▶ **Problem**
Scan the records below for the string "Coming" and return every line where it appears.

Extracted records
━━━━━━━━━━━━━━━━━━━━━━━━━━━━━━
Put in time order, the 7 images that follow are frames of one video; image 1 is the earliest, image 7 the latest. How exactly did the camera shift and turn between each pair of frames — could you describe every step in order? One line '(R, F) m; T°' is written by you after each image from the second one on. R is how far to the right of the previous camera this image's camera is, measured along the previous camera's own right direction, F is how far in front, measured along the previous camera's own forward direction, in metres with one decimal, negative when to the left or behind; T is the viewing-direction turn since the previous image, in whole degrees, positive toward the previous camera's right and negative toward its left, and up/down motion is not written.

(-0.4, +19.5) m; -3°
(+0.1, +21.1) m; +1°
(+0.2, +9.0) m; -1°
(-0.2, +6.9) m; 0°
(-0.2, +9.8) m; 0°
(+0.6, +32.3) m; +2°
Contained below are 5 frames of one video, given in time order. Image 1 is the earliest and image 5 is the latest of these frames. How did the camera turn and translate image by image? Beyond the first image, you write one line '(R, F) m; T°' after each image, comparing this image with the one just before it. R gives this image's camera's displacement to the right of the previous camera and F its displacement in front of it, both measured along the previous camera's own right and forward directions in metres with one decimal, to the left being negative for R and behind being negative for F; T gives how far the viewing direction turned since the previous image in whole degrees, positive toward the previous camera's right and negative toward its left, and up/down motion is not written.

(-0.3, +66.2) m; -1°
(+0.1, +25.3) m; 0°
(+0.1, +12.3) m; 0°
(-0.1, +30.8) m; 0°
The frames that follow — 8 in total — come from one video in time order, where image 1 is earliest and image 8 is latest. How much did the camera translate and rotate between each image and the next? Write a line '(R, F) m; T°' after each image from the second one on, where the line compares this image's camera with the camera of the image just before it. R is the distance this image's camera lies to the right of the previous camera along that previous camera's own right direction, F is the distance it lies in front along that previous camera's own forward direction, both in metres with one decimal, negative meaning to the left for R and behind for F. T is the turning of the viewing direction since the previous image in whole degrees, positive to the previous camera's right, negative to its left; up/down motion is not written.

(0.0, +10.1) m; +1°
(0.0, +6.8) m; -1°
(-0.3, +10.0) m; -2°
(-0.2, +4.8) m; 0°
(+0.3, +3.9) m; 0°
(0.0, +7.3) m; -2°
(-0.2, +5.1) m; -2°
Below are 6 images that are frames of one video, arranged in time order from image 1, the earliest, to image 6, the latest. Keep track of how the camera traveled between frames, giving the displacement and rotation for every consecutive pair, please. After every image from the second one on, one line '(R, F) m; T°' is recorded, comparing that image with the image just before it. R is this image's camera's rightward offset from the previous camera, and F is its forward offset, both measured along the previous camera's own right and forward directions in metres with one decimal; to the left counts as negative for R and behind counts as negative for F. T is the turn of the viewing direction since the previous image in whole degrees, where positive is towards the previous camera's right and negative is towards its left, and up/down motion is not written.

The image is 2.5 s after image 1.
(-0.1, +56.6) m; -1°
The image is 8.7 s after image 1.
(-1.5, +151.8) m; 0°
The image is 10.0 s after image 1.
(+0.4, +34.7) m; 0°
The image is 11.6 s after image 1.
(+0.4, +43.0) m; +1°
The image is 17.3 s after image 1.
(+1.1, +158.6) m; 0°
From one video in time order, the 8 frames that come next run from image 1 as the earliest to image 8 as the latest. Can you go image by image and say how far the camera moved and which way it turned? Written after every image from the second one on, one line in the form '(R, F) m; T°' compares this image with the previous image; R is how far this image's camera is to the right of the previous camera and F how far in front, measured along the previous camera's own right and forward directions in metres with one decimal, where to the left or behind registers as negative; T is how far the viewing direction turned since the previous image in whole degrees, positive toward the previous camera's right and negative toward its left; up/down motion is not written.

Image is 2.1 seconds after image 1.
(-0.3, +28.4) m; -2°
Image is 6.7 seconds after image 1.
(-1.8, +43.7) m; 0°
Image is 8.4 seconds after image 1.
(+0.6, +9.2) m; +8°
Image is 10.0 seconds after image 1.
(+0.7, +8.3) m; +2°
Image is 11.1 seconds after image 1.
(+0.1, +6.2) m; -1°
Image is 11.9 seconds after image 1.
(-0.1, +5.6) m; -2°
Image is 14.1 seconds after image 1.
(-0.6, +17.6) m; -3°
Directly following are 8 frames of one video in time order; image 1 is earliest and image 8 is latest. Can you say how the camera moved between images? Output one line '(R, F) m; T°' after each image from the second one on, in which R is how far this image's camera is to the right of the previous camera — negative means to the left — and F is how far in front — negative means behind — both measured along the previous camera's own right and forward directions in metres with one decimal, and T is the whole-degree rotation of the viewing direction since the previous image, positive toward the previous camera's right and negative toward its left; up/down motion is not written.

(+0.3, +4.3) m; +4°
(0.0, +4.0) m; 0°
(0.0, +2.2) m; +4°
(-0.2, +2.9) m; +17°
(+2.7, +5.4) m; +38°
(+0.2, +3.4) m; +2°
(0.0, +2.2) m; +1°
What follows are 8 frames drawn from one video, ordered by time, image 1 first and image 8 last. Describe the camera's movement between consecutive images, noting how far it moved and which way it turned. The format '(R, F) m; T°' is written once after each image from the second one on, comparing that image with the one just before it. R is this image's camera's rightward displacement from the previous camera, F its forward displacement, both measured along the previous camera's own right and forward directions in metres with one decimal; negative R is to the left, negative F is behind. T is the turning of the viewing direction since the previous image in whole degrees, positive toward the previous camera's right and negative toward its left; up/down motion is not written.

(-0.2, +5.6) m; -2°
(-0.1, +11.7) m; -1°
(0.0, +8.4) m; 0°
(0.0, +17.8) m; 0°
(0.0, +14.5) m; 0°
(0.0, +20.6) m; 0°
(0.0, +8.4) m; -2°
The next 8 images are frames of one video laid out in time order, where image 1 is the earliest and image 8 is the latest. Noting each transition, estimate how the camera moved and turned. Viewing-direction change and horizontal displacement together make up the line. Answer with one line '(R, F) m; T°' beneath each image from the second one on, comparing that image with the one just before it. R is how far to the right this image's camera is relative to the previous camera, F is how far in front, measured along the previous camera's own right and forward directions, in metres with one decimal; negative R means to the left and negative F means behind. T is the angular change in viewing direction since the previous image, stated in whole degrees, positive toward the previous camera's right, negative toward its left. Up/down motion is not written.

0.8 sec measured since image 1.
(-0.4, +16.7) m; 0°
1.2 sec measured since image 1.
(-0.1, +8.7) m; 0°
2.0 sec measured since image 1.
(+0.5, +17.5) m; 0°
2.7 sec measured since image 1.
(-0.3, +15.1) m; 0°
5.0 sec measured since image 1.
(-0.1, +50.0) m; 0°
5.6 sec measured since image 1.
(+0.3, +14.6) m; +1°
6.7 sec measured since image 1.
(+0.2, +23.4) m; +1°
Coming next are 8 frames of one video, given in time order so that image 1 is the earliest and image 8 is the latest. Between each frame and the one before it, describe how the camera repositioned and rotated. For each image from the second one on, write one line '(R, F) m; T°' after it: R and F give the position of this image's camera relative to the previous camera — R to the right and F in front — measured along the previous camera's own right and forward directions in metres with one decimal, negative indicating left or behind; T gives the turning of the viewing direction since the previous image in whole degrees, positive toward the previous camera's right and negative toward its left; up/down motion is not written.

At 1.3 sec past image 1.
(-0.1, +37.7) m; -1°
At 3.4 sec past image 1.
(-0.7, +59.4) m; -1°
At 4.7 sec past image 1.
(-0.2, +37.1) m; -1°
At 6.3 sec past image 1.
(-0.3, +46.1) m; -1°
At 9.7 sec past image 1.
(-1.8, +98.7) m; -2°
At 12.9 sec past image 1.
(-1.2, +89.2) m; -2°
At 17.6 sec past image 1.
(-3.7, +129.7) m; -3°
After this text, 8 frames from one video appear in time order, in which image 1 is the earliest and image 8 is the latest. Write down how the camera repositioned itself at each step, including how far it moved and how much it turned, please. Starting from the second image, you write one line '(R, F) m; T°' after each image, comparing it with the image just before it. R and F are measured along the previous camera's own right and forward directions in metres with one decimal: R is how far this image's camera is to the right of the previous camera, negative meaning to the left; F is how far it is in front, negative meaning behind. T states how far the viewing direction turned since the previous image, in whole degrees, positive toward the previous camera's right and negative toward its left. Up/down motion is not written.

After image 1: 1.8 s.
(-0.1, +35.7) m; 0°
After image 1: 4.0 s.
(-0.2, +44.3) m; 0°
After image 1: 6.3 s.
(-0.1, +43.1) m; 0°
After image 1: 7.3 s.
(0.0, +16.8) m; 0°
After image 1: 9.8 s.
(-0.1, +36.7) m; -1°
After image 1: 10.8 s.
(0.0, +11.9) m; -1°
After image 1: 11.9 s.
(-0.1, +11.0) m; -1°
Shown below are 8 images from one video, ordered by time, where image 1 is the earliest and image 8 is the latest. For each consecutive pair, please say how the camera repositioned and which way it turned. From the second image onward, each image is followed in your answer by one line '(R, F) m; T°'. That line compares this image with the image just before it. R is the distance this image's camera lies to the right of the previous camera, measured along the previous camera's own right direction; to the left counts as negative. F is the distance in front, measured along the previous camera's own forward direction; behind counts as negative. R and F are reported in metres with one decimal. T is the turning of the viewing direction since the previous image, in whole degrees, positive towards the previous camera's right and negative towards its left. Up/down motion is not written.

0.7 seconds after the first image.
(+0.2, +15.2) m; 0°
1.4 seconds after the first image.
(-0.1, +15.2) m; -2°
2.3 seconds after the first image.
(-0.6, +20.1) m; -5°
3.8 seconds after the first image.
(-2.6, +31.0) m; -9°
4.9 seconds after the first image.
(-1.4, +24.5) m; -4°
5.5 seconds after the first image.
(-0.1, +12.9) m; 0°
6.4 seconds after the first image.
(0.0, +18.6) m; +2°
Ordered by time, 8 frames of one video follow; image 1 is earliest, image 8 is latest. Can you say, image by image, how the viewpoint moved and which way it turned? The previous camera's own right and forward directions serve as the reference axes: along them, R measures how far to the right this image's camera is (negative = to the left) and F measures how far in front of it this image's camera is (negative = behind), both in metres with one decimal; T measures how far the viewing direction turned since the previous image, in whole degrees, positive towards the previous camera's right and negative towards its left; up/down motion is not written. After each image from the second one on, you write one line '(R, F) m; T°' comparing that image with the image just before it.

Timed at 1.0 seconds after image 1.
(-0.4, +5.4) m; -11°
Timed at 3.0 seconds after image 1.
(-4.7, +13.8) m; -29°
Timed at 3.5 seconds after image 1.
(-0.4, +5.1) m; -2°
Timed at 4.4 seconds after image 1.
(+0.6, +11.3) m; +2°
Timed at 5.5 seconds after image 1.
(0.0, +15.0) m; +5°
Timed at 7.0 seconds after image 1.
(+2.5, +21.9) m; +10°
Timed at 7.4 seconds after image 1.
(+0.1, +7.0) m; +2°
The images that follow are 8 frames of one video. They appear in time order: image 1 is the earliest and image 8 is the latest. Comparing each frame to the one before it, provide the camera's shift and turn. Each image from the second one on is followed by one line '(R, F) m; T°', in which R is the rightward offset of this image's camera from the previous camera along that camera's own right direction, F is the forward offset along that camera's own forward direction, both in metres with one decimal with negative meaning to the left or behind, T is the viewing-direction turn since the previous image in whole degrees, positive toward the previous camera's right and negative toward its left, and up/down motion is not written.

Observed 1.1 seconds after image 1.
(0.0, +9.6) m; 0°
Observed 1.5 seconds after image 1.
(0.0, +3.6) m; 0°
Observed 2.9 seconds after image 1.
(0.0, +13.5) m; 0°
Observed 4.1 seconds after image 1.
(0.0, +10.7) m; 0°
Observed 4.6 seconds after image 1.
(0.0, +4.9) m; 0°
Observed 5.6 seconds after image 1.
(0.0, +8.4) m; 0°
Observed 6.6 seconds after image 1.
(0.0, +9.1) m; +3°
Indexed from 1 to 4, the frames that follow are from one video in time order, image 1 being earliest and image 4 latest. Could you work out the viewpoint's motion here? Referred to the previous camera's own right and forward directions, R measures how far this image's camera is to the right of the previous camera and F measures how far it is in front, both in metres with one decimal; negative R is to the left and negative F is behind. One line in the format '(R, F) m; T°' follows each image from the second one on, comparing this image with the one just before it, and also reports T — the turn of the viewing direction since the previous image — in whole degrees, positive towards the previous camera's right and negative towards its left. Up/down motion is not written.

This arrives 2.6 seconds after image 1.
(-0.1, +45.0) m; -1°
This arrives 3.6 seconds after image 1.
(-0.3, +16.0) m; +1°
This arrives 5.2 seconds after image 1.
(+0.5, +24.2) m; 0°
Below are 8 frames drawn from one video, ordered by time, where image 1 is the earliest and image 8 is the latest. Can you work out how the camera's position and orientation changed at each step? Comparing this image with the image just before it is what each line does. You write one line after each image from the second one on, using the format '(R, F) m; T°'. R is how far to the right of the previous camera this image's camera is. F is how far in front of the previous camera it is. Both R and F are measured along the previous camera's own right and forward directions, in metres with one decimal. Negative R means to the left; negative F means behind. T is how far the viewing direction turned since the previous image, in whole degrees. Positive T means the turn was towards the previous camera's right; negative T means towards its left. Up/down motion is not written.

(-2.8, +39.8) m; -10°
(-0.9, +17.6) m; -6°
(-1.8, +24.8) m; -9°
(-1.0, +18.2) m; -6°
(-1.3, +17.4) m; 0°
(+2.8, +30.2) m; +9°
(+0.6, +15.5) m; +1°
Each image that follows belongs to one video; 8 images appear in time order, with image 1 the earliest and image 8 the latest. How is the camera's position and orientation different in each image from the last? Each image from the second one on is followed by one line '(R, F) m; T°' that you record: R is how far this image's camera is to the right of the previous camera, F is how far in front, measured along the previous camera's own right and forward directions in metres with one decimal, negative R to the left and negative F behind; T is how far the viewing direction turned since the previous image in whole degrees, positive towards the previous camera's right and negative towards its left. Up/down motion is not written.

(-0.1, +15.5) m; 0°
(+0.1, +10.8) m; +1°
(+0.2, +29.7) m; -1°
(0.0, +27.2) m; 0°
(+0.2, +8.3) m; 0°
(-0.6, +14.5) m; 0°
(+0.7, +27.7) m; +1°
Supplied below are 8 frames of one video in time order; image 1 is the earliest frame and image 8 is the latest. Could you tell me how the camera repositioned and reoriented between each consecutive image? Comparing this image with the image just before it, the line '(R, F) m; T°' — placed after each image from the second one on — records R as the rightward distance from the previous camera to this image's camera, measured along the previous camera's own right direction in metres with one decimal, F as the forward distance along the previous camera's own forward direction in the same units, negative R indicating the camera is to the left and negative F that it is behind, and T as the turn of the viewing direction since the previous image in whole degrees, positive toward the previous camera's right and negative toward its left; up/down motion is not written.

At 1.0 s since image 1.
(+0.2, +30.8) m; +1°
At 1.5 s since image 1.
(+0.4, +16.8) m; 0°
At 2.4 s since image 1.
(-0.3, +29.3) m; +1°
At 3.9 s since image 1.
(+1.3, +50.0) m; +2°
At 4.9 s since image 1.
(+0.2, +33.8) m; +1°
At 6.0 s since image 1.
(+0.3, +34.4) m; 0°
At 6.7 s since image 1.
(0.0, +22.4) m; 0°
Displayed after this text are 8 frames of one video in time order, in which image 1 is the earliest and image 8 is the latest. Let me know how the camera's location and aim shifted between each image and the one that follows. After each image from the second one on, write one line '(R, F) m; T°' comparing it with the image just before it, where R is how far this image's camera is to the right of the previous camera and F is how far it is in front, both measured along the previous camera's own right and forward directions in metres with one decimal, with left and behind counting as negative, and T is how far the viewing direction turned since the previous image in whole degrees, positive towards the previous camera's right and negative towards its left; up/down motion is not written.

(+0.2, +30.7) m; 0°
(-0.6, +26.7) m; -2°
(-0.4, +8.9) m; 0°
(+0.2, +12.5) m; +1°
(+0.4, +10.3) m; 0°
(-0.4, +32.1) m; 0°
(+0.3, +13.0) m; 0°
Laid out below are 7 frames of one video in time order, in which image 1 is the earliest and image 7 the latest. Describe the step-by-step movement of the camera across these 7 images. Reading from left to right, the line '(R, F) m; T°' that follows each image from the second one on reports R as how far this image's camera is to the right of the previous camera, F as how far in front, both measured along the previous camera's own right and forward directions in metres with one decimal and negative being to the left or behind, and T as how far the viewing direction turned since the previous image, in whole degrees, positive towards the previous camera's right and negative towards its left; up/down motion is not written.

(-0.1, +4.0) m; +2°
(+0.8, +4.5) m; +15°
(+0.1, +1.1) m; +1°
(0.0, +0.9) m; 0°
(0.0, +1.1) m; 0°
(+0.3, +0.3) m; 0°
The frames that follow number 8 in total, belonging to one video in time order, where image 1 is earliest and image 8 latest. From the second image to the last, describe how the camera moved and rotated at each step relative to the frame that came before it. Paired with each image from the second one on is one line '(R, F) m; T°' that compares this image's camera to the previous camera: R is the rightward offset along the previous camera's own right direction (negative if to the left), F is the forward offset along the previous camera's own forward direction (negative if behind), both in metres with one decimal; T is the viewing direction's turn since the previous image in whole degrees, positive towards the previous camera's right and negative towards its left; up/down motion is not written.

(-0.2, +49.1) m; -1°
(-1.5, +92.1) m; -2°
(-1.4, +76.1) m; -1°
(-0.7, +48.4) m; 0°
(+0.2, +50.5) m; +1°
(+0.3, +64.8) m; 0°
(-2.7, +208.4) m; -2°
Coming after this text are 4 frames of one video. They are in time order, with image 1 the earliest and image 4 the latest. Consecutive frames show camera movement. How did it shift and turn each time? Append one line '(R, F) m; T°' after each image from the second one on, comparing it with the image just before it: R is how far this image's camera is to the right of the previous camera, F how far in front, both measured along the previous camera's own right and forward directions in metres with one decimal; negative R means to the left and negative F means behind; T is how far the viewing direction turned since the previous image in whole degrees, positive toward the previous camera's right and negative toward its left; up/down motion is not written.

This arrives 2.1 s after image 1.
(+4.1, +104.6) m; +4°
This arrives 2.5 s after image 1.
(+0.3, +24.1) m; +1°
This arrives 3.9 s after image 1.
━━━━━━━━━━━━━━━━━━━━━━━━━━━━━━
▶ **The answer**
Coming next are 8 frames of one video, given in time order so that image 1 is the earliest and image 8 is the latest. Between each frame and the one before it, describe how the camera repositioned and rotated. For each image from the second one on, write one line '(R, F) m; T°' after it: R and F give the position of this image's camera relative to the previous camera — R to the right and F in front — measured along the previous camera's own right and forward directions in metres with one decimal, negative indicating left or behind; T gives the turning of the viewing direction since the previous image in whole degrees, positive toward the previous camera's right and negative toward its left; up/down motion is not written.
Coming after this text are 4 frames of one video. They are in time order, with image 1 the earliest and image 4 the latest. Consecutive frames show camera movement. How did it shift and turn each time? Append one line '(R, F) m; T°' after each image from the second one on, comparing it with the image just before it: R is how far this image's camera is to the right of the previous camera, F how far in front, both measured along the previous camera's own right and forward directions in metres with one decimal; negative R means to the left and negative F means behind; T is how far the viewing direction turned since the previous image in whole degrees, positive toward the previous camera's right and negative toward its left; up/down motion is not written.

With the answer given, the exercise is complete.